• _Records from a data collection_:
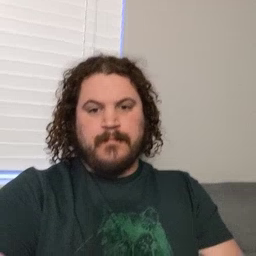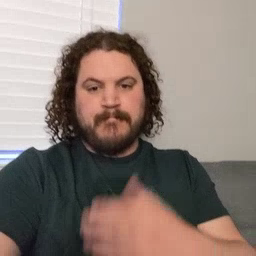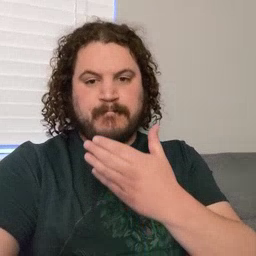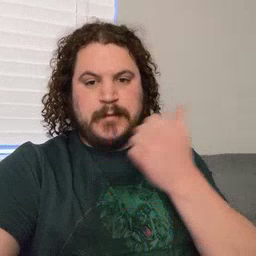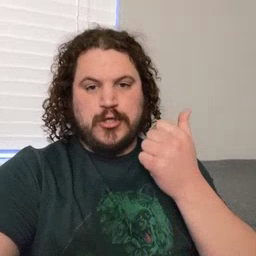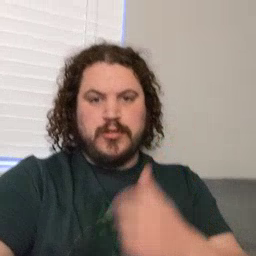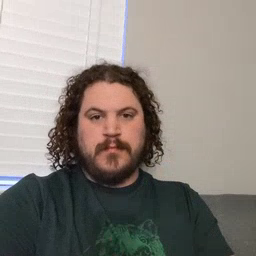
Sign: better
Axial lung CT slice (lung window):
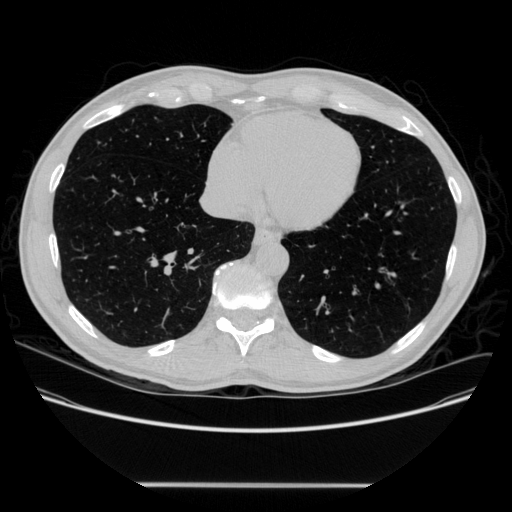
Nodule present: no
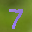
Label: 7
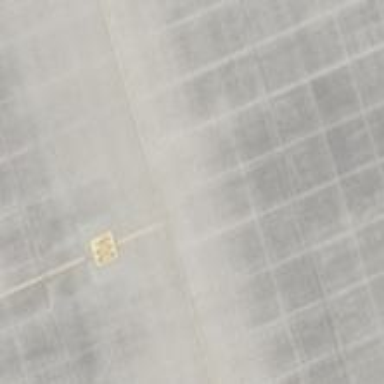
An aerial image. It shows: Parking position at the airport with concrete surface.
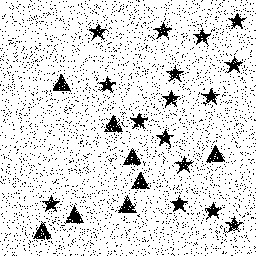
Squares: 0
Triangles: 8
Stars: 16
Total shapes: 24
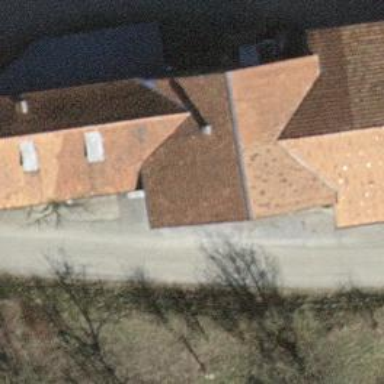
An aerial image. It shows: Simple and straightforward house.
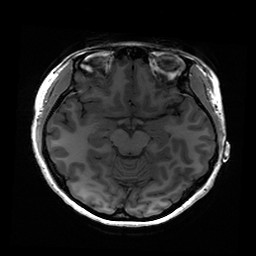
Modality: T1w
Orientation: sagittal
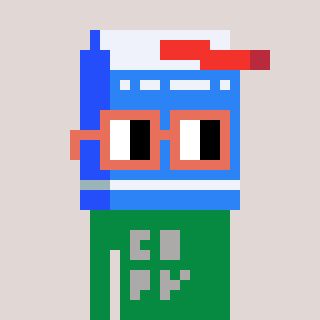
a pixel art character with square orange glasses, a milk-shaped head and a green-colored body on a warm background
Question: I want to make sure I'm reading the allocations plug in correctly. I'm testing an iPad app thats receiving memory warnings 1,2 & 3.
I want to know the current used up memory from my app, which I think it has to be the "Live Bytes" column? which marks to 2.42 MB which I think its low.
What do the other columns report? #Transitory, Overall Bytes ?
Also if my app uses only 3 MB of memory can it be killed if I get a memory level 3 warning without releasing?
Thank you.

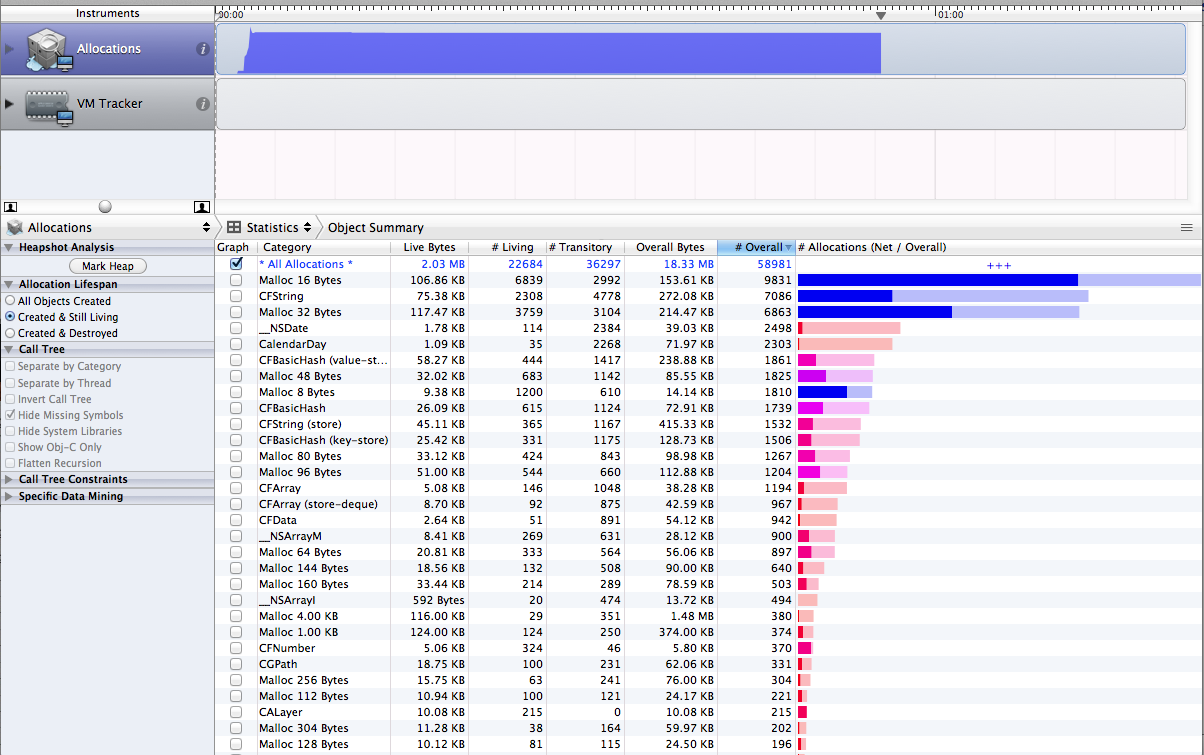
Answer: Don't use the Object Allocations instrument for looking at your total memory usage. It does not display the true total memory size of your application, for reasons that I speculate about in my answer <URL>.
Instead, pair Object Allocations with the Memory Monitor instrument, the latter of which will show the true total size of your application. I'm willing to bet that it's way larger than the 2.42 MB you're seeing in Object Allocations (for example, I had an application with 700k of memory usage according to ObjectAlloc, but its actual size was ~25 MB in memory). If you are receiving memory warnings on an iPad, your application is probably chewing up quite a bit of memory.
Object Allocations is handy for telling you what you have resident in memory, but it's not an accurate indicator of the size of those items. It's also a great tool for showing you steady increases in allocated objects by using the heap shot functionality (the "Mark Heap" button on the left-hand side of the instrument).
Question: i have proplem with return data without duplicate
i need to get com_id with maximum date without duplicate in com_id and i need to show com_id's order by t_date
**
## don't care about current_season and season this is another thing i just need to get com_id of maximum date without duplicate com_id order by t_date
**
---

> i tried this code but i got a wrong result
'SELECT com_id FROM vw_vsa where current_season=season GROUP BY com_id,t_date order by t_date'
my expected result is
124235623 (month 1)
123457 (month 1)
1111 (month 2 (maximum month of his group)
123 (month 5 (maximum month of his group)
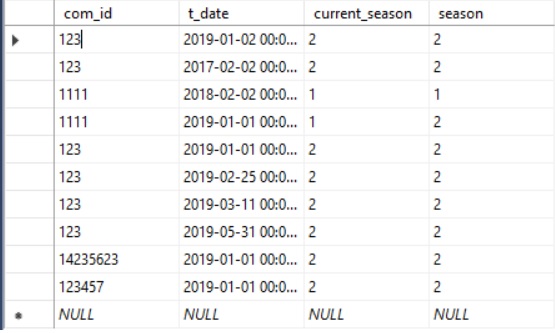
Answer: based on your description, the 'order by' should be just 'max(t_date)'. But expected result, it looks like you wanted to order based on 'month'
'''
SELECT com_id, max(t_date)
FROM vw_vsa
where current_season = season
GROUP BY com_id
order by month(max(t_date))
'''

• _WHAT YOU HAVE TO DO_:
When you reach the line with "An aerial image. It shows: Parking" in the records above, begin repeating the lines exactly, and stop after the line with "Modality: T1w". Skip all pictures.

• _SOLUTION TO THIS TASK_:
An aerial image. It shows: Parking position at the airport with concrete surface.
Squares: 0
Triangles: 8
Stars: 16
Total shapes: 24
An aerial image. It shows: Simple and straightforward house.
Modality: T1w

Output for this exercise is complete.